Justice Harlan, joined by Justices Marshall and Stewart, fashioned a dissent.37 According to Justice Harlan, the standard imposed by Justice Brennan inadequately appreciated "the limitations imposed by the legal process in accommodating the tension between state libel laws and federal constitutional protections given to freedom of speech and press."38 Further, Justice Harlan took the view that Justice Brennan's standard would "subject[] the press to judicial second-guessing of the newsworthiness of each item they print."39 To fairly balance the countervailing interests at stake in defamation actions, Justice Harlan wrote that "the States should be free to define for themselves the applicable standard of liability of care so long as they do not impose liability without fault."40

Three years later, Justice Powell's majority opinion in Gertz v.
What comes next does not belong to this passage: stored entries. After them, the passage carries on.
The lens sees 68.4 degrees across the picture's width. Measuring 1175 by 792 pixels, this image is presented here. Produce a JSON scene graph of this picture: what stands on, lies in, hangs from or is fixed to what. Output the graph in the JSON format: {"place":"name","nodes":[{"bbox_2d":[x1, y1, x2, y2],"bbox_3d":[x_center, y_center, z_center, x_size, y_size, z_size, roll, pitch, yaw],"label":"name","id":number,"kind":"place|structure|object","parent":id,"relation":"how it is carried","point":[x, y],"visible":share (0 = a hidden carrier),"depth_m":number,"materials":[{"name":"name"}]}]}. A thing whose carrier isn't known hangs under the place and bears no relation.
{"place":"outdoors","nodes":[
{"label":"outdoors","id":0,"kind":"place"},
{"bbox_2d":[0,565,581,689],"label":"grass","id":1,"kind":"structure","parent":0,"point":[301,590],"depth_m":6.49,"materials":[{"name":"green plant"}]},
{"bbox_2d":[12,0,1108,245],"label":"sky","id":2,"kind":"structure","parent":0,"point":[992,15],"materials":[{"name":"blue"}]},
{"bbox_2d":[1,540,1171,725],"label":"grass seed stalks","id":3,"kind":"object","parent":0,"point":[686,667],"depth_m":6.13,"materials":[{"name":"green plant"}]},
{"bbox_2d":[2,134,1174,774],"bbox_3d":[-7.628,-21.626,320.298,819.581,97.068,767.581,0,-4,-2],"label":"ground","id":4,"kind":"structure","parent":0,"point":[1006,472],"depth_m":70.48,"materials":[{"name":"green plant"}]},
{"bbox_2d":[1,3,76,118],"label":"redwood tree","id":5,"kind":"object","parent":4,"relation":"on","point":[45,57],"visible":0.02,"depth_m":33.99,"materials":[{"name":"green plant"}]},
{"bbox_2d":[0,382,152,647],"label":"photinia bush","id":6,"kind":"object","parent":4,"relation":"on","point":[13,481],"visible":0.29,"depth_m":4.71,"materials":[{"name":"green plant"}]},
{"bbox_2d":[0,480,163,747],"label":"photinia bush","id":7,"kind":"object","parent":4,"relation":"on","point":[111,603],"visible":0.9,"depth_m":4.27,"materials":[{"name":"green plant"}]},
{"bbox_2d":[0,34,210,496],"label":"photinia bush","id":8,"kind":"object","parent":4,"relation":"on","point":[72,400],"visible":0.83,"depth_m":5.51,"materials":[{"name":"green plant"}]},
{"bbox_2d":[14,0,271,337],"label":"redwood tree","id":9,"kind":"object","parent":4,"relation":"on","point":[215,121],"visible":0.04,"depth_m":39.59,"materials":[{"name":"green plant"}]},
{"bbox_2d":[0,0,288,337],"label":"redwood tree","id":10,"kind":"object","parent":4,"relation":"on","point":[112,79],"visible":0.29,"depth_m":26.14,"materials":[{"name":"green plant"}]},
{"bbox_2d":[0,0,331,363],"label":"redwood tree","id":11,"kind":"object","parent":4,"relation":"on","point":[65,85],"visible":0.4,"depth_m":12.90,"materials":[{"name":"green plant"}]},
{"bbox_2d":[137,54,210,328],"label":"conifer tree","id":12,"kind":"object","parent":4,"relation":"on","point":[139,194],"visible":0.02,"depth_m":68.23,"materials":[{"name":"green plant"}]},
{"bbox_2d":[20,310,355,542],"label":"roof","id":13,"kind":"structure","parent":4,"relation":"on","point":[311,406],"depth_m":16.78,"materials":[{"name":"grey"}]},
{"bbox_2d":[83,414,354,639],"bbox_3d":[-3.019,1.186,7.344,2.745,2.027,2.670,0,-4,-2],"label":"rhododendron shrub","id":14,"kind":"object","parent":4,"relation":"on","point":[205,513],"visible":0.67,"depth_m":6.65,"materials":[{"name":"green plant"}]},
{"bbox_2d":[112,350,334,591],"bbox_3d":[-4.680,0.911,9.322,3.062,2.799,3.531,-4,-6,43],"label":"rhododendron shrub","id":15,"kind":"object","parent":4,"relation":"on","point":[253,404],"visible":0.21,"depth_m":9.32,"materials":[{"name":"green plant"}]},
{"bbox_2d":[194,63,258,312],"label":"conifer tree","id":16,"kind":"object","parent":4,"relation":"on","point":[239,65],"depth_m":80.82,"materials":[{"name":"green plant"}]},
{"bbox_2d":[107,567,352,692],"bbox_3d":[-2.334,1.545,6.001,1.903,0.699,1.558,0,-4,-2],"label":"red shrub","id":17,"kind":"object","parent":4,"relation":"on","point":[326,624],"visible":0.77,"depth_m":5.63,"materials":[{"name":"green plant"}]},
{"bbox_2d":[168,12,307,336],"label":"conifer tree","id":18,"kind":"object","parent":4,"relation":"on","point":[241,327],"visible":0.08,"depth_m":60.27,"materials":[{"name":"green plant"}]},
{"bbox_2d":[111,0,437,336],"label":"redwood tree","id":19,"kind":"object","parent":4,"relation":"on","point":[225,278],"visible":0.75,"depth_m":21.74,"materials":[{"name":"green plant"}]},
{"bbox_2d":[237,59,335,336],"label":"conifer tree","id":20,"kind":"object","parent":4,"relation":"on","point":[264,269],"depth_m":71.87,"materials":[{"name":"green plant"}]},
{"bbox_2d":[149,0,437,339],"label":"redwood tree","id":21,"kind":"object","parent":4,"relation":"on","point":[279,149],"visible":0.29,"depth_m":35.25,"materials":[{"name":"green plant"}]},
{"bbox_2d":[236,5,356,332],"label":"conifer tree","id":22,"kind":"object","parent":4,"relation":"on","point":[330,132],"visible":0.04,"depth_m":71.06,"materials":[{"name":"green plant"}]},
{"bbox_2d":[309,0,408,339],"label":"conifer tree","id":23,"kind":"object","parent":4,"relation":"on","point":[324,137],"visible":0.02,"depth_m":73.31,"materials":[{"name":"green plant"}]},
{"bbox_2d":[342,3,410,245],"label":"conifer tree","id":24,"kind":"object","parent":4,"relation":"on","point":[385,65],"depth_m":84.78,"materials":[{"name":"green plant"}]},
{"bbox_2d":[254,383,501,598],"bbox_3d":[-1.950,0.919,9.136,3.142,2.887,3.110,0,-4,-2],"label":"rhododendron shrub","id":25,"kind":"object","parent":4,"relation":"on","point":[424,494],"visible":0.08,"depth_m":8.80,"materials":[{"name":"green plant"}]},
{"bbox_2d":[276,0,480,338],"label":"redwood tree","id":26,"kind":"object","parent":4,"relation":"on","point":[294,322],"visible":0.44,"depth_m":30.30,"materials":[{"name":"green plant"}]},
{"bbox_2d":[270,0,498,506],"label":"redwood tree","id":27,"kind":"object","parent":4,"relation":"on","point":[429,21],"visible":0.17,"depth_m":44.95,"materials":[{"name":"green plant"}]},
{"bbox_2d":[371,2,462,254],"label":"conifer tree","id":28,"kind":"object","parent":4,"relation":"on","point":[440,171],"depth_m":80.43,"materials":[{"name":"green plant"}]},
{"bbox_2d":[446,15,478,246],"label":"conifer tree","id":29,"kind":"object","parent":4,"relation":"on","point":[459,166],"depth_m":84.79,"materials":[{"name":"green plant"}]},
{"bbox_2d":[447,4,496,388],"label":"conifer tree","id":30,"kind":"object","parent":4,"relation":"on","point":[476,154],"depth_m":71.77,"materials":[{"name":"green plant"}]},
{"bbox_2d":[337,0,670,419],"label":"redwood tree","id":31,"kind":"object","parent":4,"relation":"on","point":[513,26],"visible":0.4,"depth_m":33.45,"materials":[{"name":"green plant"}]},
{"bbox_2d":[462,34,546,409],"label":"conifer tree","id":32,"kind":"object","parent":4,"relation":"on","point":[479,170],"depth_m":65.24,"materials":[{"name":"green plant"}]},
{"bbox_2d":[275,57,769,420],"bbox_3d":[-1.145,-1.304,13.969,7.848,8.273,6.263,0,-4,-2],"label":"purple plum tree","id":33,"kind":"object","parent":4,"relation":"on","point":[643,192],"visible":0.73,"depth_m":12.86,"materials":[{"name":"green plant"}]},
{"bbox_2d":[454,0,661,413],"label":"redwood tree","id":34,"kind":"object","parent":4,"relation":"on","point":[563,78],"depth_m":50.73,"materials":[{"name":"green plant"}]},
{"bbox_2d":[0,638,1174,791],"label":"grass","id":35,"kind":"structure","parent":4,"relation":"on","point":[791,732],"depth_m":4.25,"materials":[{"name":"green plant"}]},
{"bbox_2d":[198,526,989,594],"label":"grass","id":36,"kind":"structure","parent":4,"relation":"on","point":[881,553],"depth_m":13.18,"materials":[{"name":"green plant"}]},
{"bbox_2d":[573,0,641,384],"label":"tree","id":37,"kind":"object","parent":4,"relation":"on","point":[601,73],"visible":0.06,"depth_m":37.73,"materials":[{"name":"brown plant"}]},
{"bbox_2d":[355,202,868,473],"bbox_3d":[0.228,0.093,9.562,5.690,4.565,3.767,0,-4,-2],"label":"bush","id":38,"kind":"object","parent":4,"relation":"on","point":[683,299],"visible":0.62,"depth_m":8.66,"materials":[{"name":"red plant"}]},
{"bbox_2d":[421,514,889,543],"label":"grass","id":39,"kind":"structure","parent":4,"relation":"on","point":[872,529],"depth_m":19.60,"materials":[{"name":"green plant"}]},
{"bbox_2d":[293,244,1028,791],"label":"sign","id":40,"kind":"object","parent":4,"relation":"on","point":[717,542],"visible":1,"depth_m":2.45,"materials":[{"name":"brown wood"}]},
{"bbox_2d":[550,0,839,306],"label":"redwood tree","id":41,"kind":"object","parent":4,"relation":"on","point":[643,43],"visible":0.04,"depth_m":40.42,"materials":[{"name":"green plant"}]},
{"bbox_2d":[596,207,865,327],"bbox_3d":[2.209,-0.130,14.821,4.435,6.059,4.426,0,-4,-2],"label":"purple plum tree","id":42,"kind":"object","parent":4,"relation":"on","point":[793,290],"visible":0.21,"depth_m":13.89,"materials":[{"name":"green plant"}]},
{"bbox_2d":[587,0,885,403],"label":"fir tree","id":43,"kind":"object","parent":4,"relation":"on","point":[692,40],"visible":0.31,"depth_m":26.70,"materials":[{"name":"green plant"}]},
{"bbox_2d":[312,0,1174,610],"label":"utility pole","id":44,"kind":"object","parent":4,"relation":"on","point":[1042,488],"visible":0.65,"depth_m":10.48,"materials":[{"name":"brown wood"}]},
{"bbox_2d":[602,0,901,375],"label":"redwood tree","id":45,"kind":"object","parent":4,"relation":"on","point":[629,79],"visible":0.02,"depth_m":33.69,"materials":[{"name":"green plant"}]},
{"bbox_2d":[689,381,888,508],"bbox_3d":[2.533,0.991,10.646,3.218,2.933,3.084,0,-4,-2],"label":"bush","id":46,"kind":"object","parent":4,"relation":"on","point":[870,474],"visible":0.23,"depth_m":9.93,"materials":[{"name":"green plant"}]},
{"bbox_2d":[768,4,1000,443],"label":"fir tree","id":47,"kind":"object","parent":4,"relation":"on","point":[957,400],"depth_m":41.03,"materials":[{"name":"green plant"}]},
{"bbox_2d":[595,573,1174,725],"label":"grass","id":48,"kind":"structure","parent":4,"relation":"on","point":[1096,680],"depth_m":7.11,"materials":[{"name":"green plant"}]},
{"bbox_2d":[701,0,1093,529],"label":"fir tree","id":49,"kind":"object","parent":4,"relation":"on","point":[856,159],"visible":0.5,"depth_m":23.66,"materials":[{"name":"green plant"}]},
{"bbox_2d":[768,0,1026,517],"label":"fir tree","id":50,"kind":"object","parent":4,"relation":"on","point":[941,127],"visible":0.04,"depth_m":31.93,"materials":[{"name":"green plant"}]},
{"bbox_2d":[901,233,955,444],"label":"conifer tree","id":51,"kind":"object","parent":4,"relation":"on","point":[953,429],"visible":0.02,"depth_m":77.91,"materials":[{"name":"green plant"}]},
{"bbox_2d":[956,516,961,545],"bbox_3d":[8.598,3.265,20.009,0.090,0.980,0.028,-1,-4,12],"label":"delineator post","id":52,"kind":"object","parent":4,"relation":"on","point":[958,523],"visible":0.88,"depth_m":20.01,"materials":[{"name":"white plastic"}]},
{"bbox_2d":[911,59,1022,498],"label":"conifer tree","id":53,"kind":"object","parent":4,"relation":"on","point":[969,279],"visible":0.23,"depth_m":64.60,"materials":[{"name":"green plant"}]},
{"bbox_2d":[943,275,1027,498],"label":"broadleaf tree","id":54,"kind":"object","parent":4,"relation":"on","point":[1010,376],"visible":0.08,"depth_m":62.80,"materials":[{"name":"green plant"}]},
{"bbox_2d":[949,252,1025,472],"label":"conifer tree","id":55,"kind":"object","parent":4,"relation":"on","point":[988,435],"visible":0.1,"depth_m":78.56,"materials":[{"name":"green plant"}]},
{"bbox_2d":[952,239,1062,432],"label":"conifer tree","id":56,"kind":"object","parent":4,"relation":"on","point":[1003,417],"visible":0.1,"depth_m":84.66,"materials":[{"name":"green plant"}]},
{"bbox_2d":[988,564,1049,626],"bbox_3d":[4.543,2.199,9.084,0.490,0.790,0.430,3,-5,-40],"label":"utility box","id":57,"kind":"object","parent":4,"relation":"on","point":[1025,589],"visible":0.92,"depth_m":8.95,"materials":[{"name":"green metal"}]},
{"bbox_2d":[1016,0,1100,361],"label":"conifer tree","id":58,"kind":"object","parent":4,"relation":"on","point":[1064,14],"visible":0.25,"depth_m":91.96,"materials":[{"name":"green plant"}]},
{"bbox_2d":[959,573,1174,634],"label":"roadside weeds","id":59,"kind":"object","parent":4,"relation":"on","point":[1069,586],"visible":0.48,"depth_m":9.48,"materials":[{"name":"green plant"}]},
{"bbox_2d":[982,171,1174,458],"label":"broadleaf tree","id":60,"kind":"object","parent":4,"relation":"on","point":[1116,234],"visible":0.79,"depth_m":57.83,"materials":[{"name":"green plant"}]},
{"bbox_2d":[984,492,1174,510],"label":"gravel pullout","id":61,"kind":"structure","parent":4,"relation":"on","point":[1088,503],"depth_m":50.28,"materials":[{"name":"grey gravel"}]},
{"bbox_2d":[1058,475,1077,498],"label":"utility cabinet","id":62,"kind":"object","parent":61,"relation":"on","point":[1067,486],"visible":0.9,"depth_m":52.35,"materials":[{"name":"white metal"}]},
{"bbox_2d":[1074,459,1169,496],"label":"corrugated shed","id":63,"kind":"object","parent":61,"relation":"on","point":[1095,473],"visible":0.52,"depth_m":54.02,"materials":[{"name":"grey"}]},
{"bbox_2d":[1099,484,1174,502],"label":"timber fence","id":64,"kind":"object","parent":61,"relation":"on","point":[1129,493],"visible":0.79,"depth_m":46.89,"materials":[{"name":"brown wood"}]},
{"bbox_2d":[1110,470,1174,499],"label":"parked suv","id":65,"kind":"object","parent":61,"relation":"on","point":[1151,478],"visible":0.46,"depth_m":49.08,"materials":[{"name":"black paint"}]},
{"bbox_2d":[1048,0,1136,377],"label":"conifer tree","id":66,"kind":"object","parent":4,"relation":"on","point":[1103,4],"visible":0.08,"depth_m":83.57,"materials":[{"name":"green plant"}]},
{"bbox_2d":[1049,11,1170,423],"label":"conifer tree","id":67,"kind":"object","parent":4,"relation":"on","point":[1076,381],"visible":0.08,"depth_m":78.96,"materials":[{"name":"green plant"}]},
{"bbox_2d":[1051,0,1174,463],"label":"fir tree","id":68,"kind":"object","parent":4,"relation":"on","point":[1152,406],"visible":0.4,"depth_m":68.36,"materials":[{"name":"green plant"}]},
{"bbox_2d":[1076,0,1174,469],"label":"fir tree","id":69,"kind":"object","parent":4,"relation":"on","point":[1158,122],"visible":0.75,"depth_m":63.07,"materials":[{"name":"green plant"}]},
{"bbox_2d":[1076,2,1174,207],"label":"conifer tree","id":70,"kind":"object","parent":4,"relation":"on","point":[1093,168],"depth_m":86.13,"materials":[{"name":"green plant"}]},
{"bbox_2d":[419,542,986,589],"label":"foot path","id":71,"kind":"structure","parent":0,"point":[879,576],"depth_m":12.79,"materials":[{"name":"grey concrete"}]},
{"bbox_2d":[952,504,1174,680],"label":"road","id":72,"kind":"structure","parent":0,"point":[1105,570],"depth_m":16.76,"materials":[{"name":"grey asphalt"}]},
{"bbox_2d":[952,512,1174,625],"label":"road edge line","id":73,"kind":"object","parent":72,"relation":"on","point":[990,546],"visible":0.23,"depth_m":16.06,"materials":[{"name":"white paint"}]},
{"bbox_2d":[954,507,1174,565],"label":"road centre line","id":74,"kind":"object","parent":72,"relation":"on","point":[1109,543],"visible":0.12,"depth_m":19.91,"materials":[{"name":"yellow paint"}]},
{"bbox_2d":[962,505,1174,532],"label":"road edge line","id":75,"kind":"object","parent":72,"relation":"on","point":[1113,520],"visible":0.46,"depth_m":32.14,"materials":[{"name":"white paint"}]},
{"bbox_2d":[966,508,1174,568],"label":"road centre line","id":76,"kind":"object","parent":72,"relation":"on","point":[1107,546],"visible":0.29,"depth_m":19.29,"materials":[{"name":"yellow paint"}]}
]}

Robert Welch, Inc.41 echoed the sentiments expressed by Justice Harlan in Rosenbloom. Gertz, a prominent Chicago attorney, became the target of the ultraconservative John Birch Society by virtue of his legal representation of the family of a youth shot and killed by a Chicago police officer.42 The Society labeled Gertz a "Leninist" and "a Communist-fronter" and alleged that he led an organization that "probably did more than any outfit to plan the Communist attack on the Chicago police during the 1968 Democratic Convention."43 The jury awarded Gertz $50,000.
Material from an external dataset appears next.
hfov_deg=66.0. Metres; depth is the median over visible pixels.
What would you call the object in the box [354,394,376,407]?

In its review of the verdict, the district court followed the principles espoused in Justice Brennan's plurality and applied the Sullivan standard, "even though Petitioner was not a public official or public figure."45 The district court concluded that "the [Sullivan] privilege protected discussion of any public issue without regard to the status of the person defamed therein."46 Accordingly, the court entered judgment for the defendant, notwithstanding the jury's verdict.47 Citing the Rosenbloom plurality, the Seventh Circuit agreed, holding that the defendant "could assert the constitutional privilege because the article concerned a matter of public interest."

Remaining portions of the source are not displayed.